A seafood firm wants to farm octopus. Activists say they're too smart for that
Octopuses are capable of sophisticated tasks, from solving puzzles to decorating their dens to remembering people's faces. So when a company in Spain announced that it wanted to commercially farm octopuses to harvest them for seafood, the plan sparked an uproar.
"I was appalled," Sy Montgomery, author of the bestselling book The Soul of an Octopus, told NPR.
Seafood company Nueva Pescanova plans to build the farm on 52,691 square meters (around 567,000 square feet) along a dock in the Canary Islands, at the Port of Las Palmas on Gran Canaria island. The facility would keep octopuses in tanks.
The company unveiled the plan several years ago.
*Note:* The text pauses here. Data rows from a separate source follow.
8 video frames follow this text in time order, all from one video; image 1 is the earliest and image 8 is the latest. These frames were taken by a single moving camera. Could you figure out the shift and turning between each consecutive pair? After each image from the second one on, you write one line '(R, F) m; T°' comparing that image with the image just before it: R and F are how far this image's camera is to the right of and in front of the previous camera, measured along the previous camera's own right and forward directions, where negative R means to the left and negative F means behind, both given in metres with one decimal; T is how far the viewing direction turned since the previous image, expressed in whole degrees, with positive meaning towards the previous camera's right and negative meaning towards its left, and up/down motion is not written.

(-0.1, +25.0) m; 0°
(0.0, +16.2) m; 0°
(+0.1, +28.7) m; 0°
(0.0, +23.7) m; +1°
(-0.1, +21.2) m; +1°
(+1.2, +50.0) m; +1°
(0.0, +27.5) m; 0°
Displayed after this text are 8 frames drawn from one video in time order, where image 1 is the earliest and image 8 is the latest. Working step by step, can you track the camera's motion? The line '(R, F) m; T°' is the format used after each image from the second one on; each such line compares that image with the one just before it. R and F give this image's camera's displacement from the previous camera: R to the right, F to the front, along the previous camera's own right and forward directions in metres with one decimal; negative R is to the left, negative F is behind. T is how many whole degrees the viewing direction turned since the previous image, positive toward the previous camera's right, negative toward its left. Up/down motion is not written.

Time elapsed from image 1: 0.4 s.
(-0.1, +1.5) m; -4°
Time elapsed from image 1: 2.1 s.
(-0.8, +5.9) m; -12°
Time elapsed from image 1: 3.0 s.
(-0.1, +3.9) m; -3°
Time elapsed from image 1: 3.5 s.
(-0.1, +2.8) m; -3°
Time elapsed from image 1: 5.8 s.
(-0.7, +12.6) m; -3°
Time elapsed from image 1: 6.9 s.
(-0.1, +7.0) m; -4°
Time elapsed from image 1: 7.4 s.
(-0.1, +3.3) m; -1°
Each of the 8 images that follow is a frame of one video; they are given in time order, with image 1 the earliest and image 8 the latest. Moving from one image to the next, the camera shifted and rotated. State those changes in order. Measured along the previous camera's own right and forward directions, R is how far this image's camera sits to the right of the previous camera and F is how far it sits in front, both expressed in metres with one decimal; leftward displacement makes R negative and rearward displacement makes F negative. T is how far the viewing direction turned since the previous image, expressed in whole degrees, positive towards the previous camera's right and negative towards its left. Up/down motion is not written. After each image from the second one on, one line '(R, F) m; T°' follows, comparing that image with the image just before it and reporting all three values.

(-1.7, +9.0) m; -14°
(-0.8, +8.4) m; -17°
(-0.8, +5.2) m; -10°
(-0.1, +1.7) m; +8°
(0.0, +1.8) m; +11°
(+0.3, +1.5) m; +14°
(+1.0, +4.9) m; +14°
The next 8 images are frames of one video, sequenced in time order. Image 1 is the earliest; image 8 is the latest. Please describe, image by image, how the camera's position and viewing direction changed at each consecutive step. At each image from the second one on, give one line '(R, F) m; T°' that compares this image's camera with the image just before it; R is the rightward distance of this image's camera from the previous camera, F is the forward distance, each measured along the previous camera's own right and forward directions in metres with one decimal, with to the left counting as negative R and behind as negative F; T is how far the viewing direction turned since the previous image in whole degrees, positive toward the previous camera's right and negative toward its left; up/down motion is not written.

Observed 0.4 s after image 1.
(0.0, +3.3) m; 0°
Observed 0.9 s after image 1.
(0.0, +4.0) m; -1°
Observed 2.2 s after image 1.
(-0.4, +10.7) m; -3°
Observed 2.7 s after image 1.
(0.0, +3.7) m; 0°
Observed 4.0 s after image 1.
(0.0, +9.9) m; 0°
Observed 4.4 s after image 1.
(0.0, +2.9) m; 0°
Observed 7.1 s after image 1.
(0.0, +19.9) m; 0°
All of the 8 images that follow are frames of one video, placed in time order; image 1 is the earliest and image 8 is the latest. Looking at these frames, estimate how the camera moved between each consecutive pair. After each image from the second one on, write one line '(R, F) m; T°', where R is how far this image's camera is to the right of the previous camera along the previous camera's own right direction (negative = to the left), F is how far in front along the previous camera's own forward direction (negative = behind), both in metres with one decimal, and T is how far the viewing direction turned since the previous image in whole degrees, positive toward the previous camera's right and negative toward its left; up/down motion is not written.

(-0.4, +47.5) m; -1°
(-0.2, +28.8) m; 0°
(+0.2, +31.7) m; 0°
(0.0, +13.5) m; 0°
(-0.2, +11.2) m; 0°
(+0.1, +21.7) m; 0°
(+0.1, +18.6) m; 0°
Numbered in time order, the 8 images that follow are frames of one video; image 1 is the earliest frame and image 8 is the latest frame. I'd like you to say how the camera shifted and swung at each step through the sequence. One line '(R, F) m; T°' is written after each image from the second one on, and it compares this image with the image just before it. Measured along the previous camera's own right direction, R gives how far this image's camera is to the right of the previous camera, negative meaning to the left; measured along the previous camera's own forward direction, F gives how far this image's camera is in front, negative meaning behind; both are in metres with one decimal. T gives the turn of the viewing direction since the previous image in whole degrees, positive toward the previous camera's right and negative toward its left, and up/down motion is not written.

Despite opposition, its permit requests are currently pending.
Company says the farm would help meet rising demand
"The octopus aquaculture project is a pioneering scientific milestone in the world," the company said in a statement to NPR, saying it wants to help conserve the species while meeting the world's rising hunger for octopus.
Eating octopus is part of many food traditions, from Spain and Portugal to Greece, Mexico, Japan, South Korea and China.
"Global octopus consumption amounts to 350,000 tons per year and the market is expected to grow by 21.5% in 2028 compared to 2022," according to Nueva Pescanova.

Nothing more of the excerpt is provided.